# Task to carry out:
Each record below should be returned word for word, with no pictures included.

Excerpts from a dataset:
■ ■ ■ ■

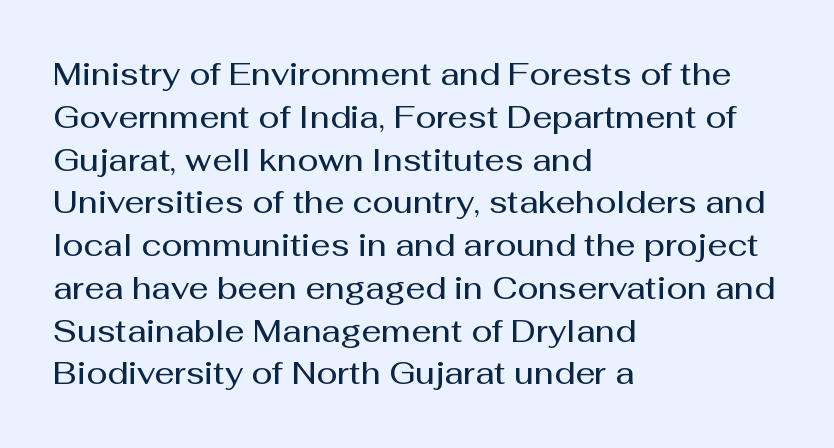
Words appear dense and cohesive because spacing is normal. The typesetter chose a ragged-right arrangement here. Letterform terminals end flat and unadorned throughout the passage. Lines of text with bare space underneath.
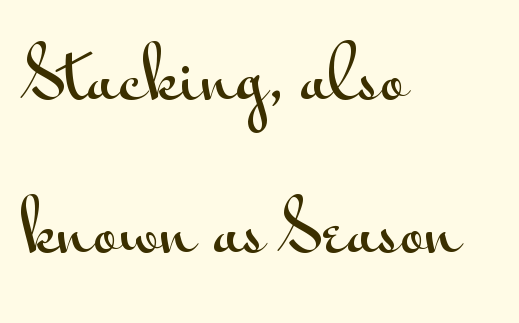
Q: Is the typeface a serif or a sans-serif typeface? A: Sans-serif.
Q: Is the text underlined? A: No.
Q: How is the paragraph aligned? A: Left-aligned.
Q: Is the spacing between letters normal or unusually wide? A: Normal.
Q: Is the spacing between lines tight, normal or loose? A: Loose.
Q: Width (condensed, normal, or wide)? A: Wide.
Q: Stroke contrast? A: Medium.
Q: x-height? A: Small.
Q: Monospaced? A: No.
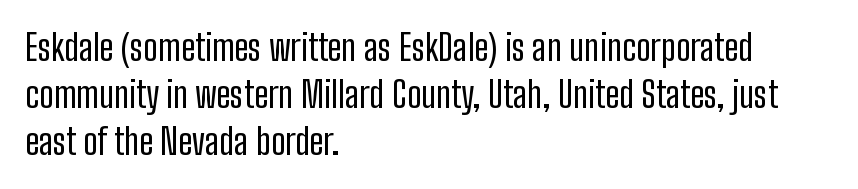
The image shows 36 px regular-weight, condensed sans-serif type, upright; set left-aligned, normal line spacing (1.31x), normal letter spacing, not underlined; low stroke contrast and a medium x-height.
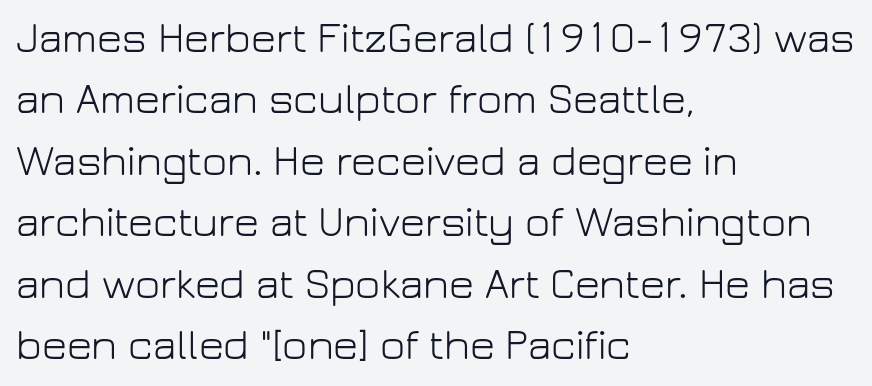
The image shows 43 px light sans-serif type, upright; set left-aligned, normal line spacing (1.43x), normal letter spacing, not underlined; low stroke contrast and a medium x-height.
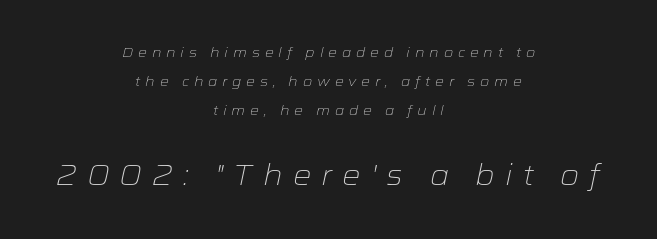
Q: Is the text bold? A: No.
Q: Is the text italic (slanted)? A: Yes, it leans right by about 12 degrees.
Q: Is the text underlined? A: No.
Q: How is the paragraph aligned? A: Centered.
Q: Is the spacing between letters normal or unusually wide? A: Unusually wide.
Q: Is the spacing between lines tight, normal or loose? A: Loose.
Q: Which block of text is set in a larger size, the first (top) or the second (bottom)? A: The second (bottom) one.
Q: Width (condensed, normal, or wide)? A: Wide.
Q: Stroke contrast? A: Low.
Q: x-height? A: Medium.
Q: Monospaced? A: No.
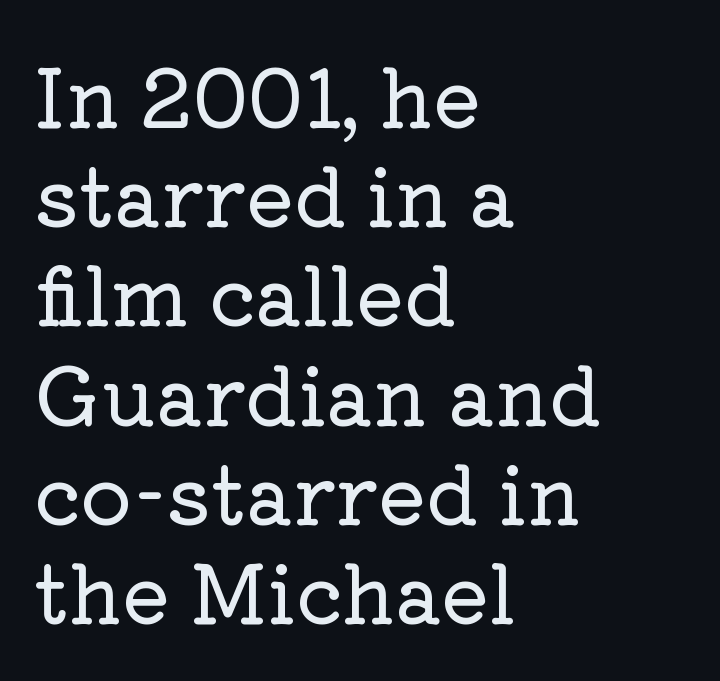
{"serif": "yes", "italic": "no", "width": "normal", "stroke_contrast": "low", "x_height": "medium", "monospaced": "no", "underline": "no", "align": "left", "line_spacing_ratio": 1.24, "letter_spacing": "normal", "letter_spacing_em": 0.0, "glyph_px": 80}
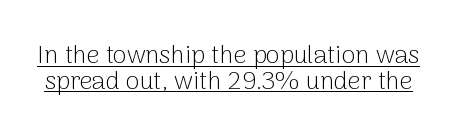
Q: Is the text bold? A: No.
Q: Is the text italic (slanted)? A: No, it is upright.
Q: Is the text underlined? A: Yes.
Q: Is the spacing between letters normal or unusually wide? A: Normal.
Q: Is the spacing between lines tight, normal or loose? A: Tight.
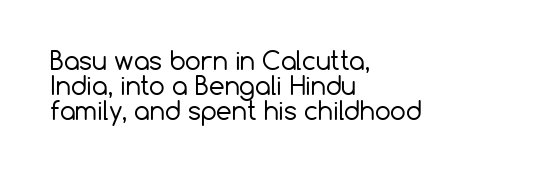
The paragraph shown leans on its left margin. Descender tails drop into unmarked territory. Compared with typical body copy, the letter spacing here is the same. Honestly, the rows look squashed on top of each other. Stroke mass is kept to a normal reading level or below.
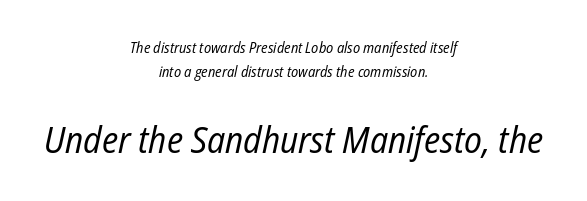
This is not heavy type; no bold has been used. Type without underlining. Line starts and ends both wander, symmetrically. A typesetter would call this leading conventional body-copy spacing. Does the lettering tilt? It does — this is italic. Between one letter and the next there's only the usual sliver of space.
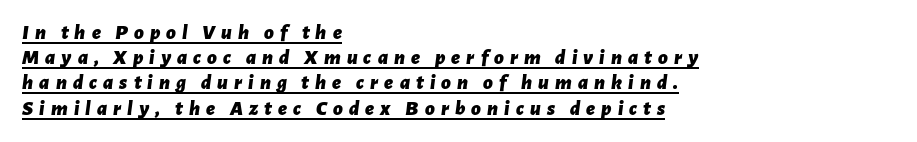
The image shows 21 px bold type, italic (leaning right); set left-aligned, line spacing 1.2x, unusually wide letter spacing (+0.29 em), underlined.
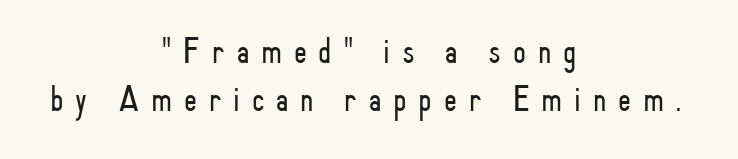
The image shows 37 px light, condensed sans-serif type, upright; set centered, normal line spacing (1.29x), unusually wide letter spacing (+0.32 em), not underlined; low stroke contrast and a small x-height.
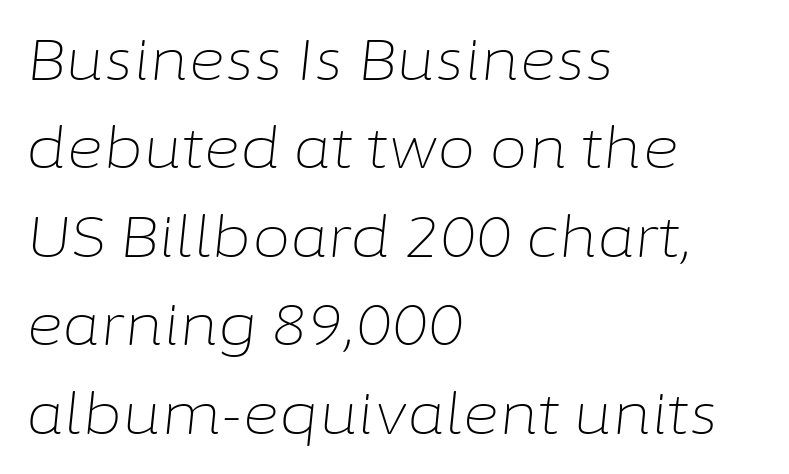
A quiet, ordinary-to-light weight characterises the typeface. Line spacing here is normal. Here the designer chose a conventional face with non-uniform glyph widths. The area under the type is left untouched.
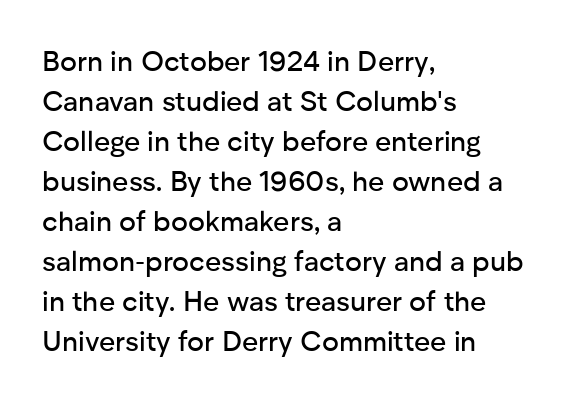
The image shows 28 px sans-serif type, upright; set left-aligned, normal line spacing (1.43x), normal letter spacing, not underlined; low stroke contrast and a medium x-height.
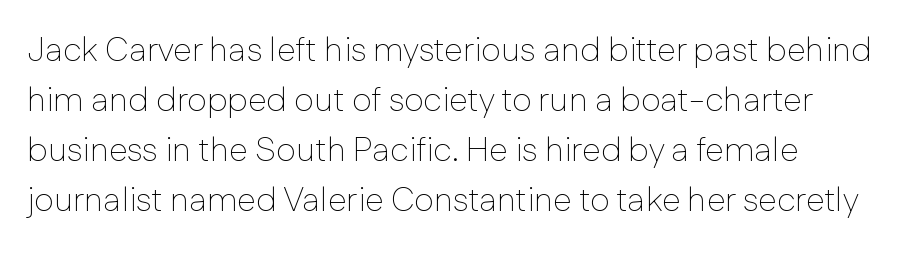
{"serif": "no", "italic": "no", "bold": "no", "weight": "thin", "width": "normal", "stroke_contrast": "low", "x_height": "medium", "monospaced": "no", "underline": "no", "align": "left", "line_spacing": "normal", "line_spacing_ratio": 1.47, "letter_spacing": "normal", "letter_spacing_em": 0.0, "glyph_px": 34}
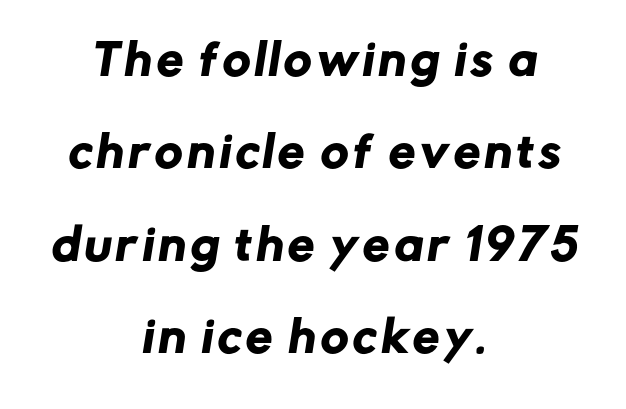
Summary of vertical rhythm: relaxed, with wide interline spacing. Layout note: lines centered. The zone under the glyphs is completely vacant. These lines are rendered in a variable-pitch font. Stroke terminals: plain, sans-serif.
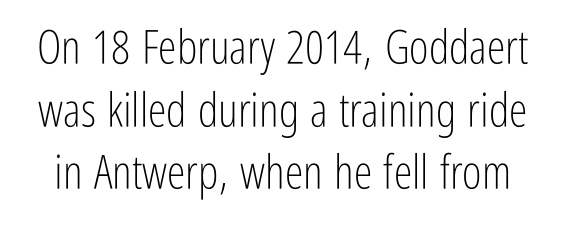
Font category for this specimen: sans-serif. Is there any slant? The stems are plumb. Proportional: the letters do not fall into vertical columns. Between one letter and the next there's only the usual sliver of space. This block has exactly the height ordinary leading produces. Letters rest on an invisible, unmarked baseline.
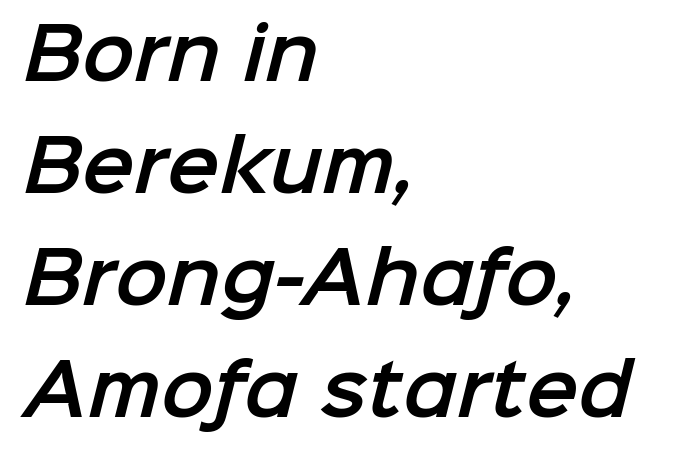
Q: Is the typeface a serif or a sans-serif typeface? A: Sans-serif.
Q: Is the text underlined? A: No.
Q: How is the paragraph aligned? A: Left-aligned.
Q: Is the spacing between letters normal or unusually wide? A: Normal.
Q: Is the spacing between lines tight, normal or loose? A: Normal.
Q: Width (condensed, normal, or wide)? A: Normal.
Q: Stroke contrast? A: Low.
Q: x-height? A: Medium.
Q: Monospaced? A: No.
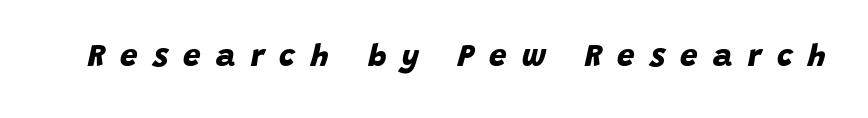
Q: Is the text bold? A: Yes.
Q: Is the typeface a serif or a sans-serif typeface? A: Sans-serif.
Q: Is the text underlined? A: No.
Q: Is the spacing between letters normal or unusually wide? A: Unusually wide.
Q: Width (condensed, normal, or wide)? A: Normal.
Q: Stroke contrast? A: Low.
Q: x-height? A: Large.
Q: Monospaced? A: No.
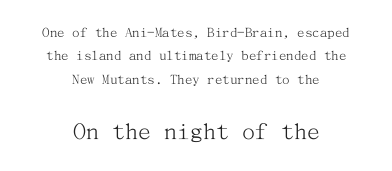
{"italic": "no", "bold": "no", "underline": "no", "align": "center", "line_spacing": "normal", "line_spacing_ratio": 1.56, "letter_spacing": "normal", "letter_spacing_em": 0.0, "larger_block": "second", "size_ratio": 1.73, "glyph_px": 26}
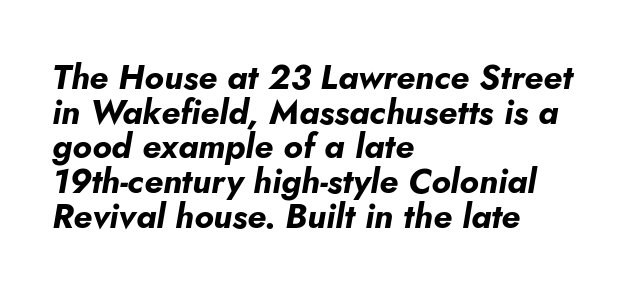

■ ■ ■ ■

# Result:
Words appear dense and cohesive because spacing is normal. The typesetter chose a ragged-right arrangement here. Letterform terminals end flat and unadorned throughout the passage. Lines of text with bare space underneath.
Q: Is the typeface a serif or a sans-serif typeface? A: Sans-serif.
Q: Is the text underlined? A: No.
Q: How is the paragraph aligned? A: Left-aligned.
Q: Is the spacing between letters normal or unusually wide? A: Normal.
Q: Is the spacing between lines tight, normal or loose? A: Loose.
Q: Width (condensed, normal, or wide)? A: Wide.
Q: Stroke contrast? A: Medium.
Q: x-height? A: Small.
Q: Monospaced? A: No.
The image shows 36 px regular-weight, condensed sans-serif type, upright; set left-aligned, normal line spacing (1.31x), normal letter spacing, not underlined; low stroke contrast and a medium x-height.
The image shows 43 px light sans-serif type, upright; set left-aligned, normal line spacing (1.43x), normal letter spacing, not underlined; low stroke contrast and a medium x-height.
Q: Is the text bold? A: No.
Q: Is the text italic (slanted)? A: Yes, it leans right by about 12 degrees.
Q: Is the text underlined? A: No.
Q: How is the paragraph aligned? A: Centered.
Q: Is the spacing between letters normal or unusually wide? A: Unusually wide.
Q: Is the spacing between lines tight, normal or loose? A: Loose.
Q: Which block of text is set in a larger size, the first (top) or the second (bottom)? A: The second (bottom) one.
Q: Width (condensed, normal, or wide)? A: Wide.
Q: Stroke contrast? A: Low.
Q: x-height? A: Medium.
Q: Monospaced? A: No.
{"serif": "yes", "italic": "no", "width": "normal", "stroke_contrast": "low", "x_height": "medium", "monospaced": "no", "underline": "no", "align": "left", "line_spacing_ratio": 1.24, "letter_spacing": "normal", "letter_spacing_em": 0.0, "glyph_px": 80}
Q: Is the text bold? A: No.
Q: Is the text italic (slanted)? A: No, it is upright.
Q: Is the text underlined? A: Yes.
Q: Is the spacing between letters normal or unusually wide? A: Normal.
Q: Is the spacing between lines tight, normal or loose? A: Tight.
The paragraph shown leans on its left margin. Descender tails drop into unmarked territory. Compared with typical body copy, the letter spacing here is the same. Honestly, the rows look squashed on top of each other. Stroke mass is kept to a normal reading level or below.
This is not heavy type; no bold has been used. Type without underlining. Line starts and ends both wander, symmetrically. A typesetter would call this leading conventional body-copy spacing. Does the lettering tilt? It does — this is italic. Between one letter and the next there's only the usual sliver of space.
The image shows 21 px bold type, italic (leaning right); set left-aligned, line spacing 1.2x, unusually wide letter spacing (+0.29 em), underlined.
The image shows 37 px light, condensed sans-serif type, upright; set centered, normal line spacing (1.29x), unusually wide letter spacing (+0.32 em), not underlined; low stroke contrast and a small x-height.
A quiet, ordinary-to-light weight characterises the typeface. Line spacing here is normal. Here the designer chose a conventional face with non-uniform glyph widths. The area under the type is left untouched.
The image shows 28 px sans-serif type, upright; set left-aligned, normal line spacing (1.43x), normal letter spacing, not underlined; low stroke contrast and a medium x-height.
{"serif": "no", "italic": "no", "bold": "no", "weight": "thin", "width": "normal", "stroke_contrast": "low", "x_height": "medium", "monospaced": "no", "underline": "no", "align": "left", "line_spacing": "normal", "line_spacing_ratio": 1.47, "letter_spacing": "normal", "letter_spacing_em": 0.0, "glyph_px": 34}
Summary of vertical rhythm: relaxed, with wide interline spacing. Layout note: lines centered. The zone under the glyphs is completely vacant. These lines are rendered in a variable-pitch font. Stroke terminals: plain, sans-serif.
Font category for this specimen: sans-serif. Is there any slant? The stems are plumb. Proportional: the letters do not fall into vertical columns. Between one letter and the next there's only the usual sliver of space. This block has exactly the height ordinary leading produces. Letters rest on an invisible, unmarked baseline.
Q: Is the typeface a serif or a sans-serif typeface? A: Sans-serif.
Q: Is the text underlined? A: No.
Q: How is the paragraph aligned? A: Left-aligned.
Q: Is the spacing between letters normal or unusually wide? A: Normal.
Q: Is the spacing between lines tight, normal or loose? A: Normal.
Q: Width (condensed, normal, or wide)? A: Normal.
Q: Stroke contrast? A: Low.
Q: x-height? A: Medium.
Q: Monospaced? A: No.
Q: Is the text bold? A: Yes.
Q: Is the typeface a serif or a sans-serif typeface? A: Sans-serif.
Q: Is the text underlined? A: No.
Q: Is the spacing between letters normal or unusually wide? A: Unusually wide.
Q: Width (condensed, normal, or wide)? A: Normal.
Q: Stroke contrast? A: Low.
Q: x-height? A: Large.
Q: Monospaced? A: No.
{"italic": "no", "bold": "no", "underline": "no", "align": "center", "line_spacing": "normal", "line_spacing_ratio": 1.56, "letter_spacing": "normal", "letter_spacing_em": 0.0, "larger_block": "second", "size_ratio": 1.73, "glyph_px": 26}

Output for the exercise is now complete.